[Entries taken from a collection]
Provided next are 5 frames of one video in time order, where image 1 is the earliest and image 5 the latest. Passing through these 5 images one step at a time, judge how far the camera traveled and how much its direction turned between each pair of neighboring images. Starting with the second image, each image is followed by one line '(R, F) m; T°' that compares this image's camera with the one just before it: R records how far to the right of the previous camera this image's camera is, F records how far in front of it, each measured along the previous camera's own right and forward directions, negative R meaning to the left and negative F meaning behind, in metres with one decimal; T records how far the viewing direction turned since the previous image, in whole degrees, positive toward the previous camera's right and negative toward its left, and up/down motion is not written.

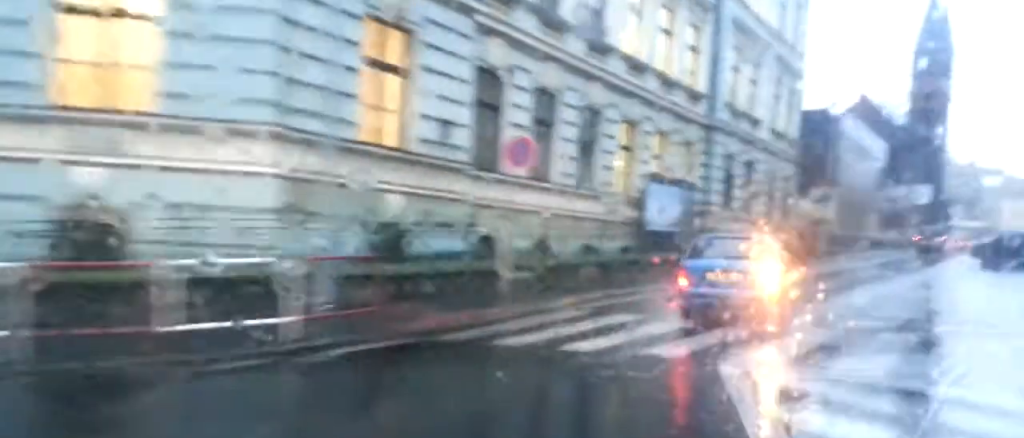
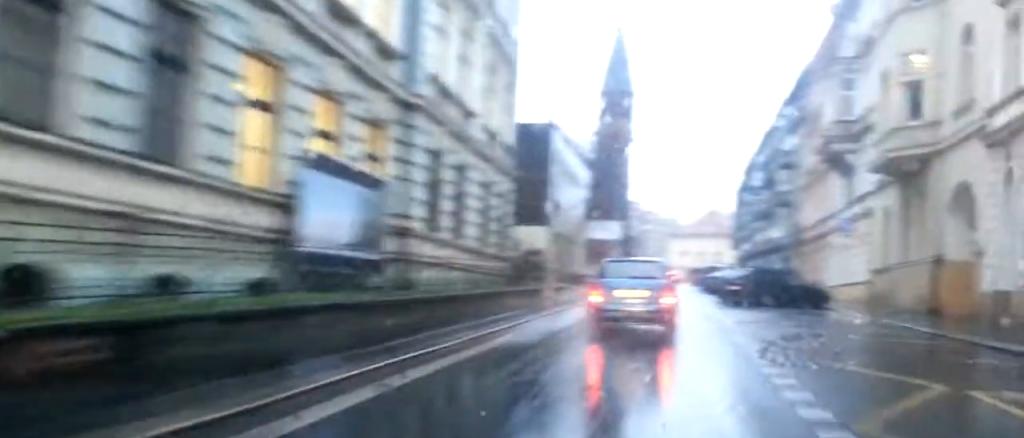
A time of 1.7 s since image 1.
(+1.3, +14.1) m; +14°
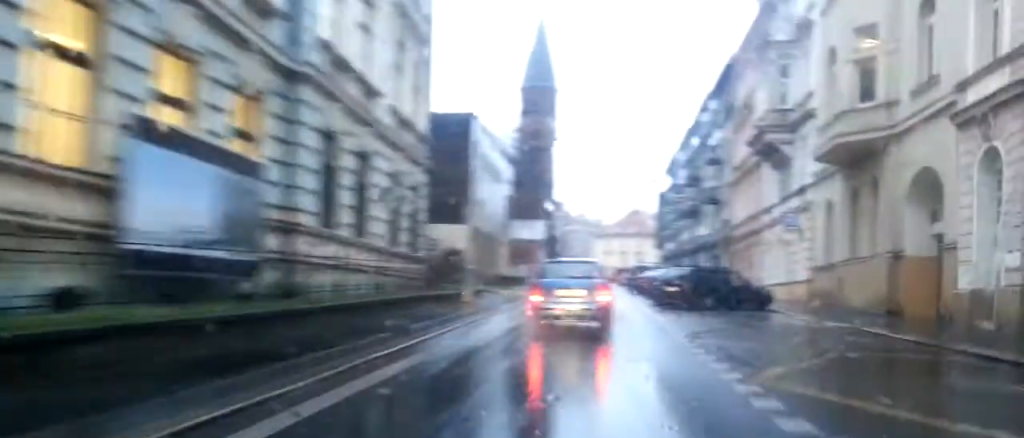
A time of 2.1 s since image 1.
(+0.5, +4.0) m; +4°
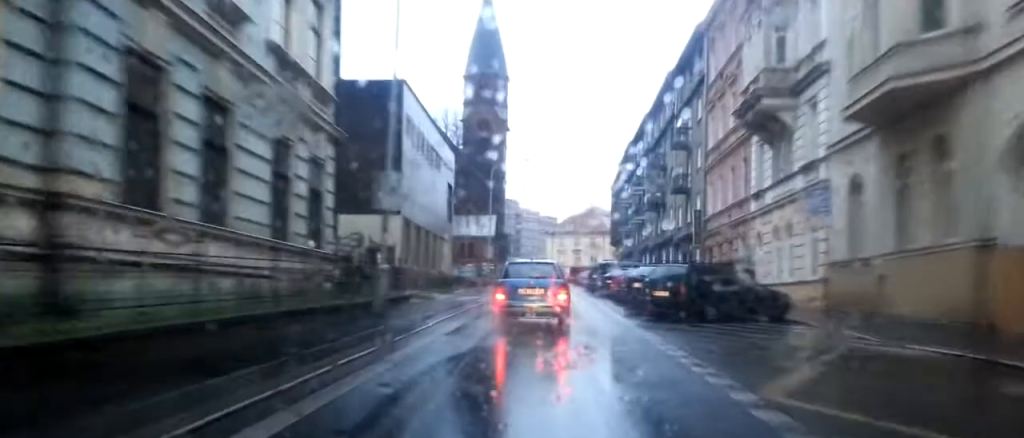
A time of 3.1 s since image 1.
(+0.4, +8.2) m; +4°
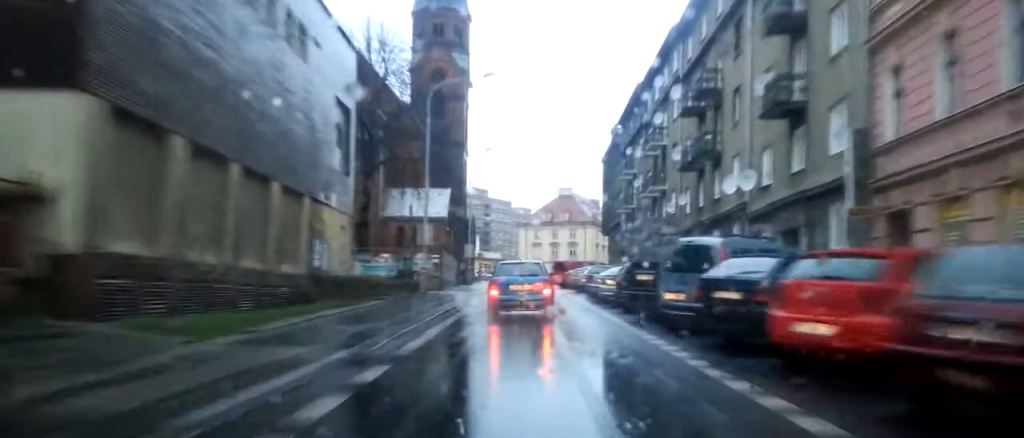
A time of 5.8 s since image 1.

PROBLEM TO WORK ON
All of the data should be returned word for word, with each picture left out.

ANSWER AREA
Provided next are 5 frames of one video in time order, where image 1 is the earliest and image 5 the latest. Passing through these 5 images one step at a time, judge how far the camera traveled and how much its direction turned between each pair of neighboring images. Starting with the second image, each image is followed by one line '(R, F) m; T°' that compares this image's camera with the one just before it: R records how far to the right of the previous camera this image's camera is, F records how far in front of it, each measured along the previous camera's own right and forward directions, negative R meaning to the left and negative F meaning behind, in metres with one decimal; T records how far the viewing direction turned since the previous image, in whole degrees, positive toward the previous camera's right and negative toward its left, and up/down motion is not written.

A time of 1.7 s since image 1.
(+1.3, +14.1) m; +14°
A time of 2.1 s since image 1.
(+0.5, +4.0) m; +4°
A time of 3.1 s since image 1.
(+0.4, +8.2) m; +4°
A time of 5.8 s since image 1.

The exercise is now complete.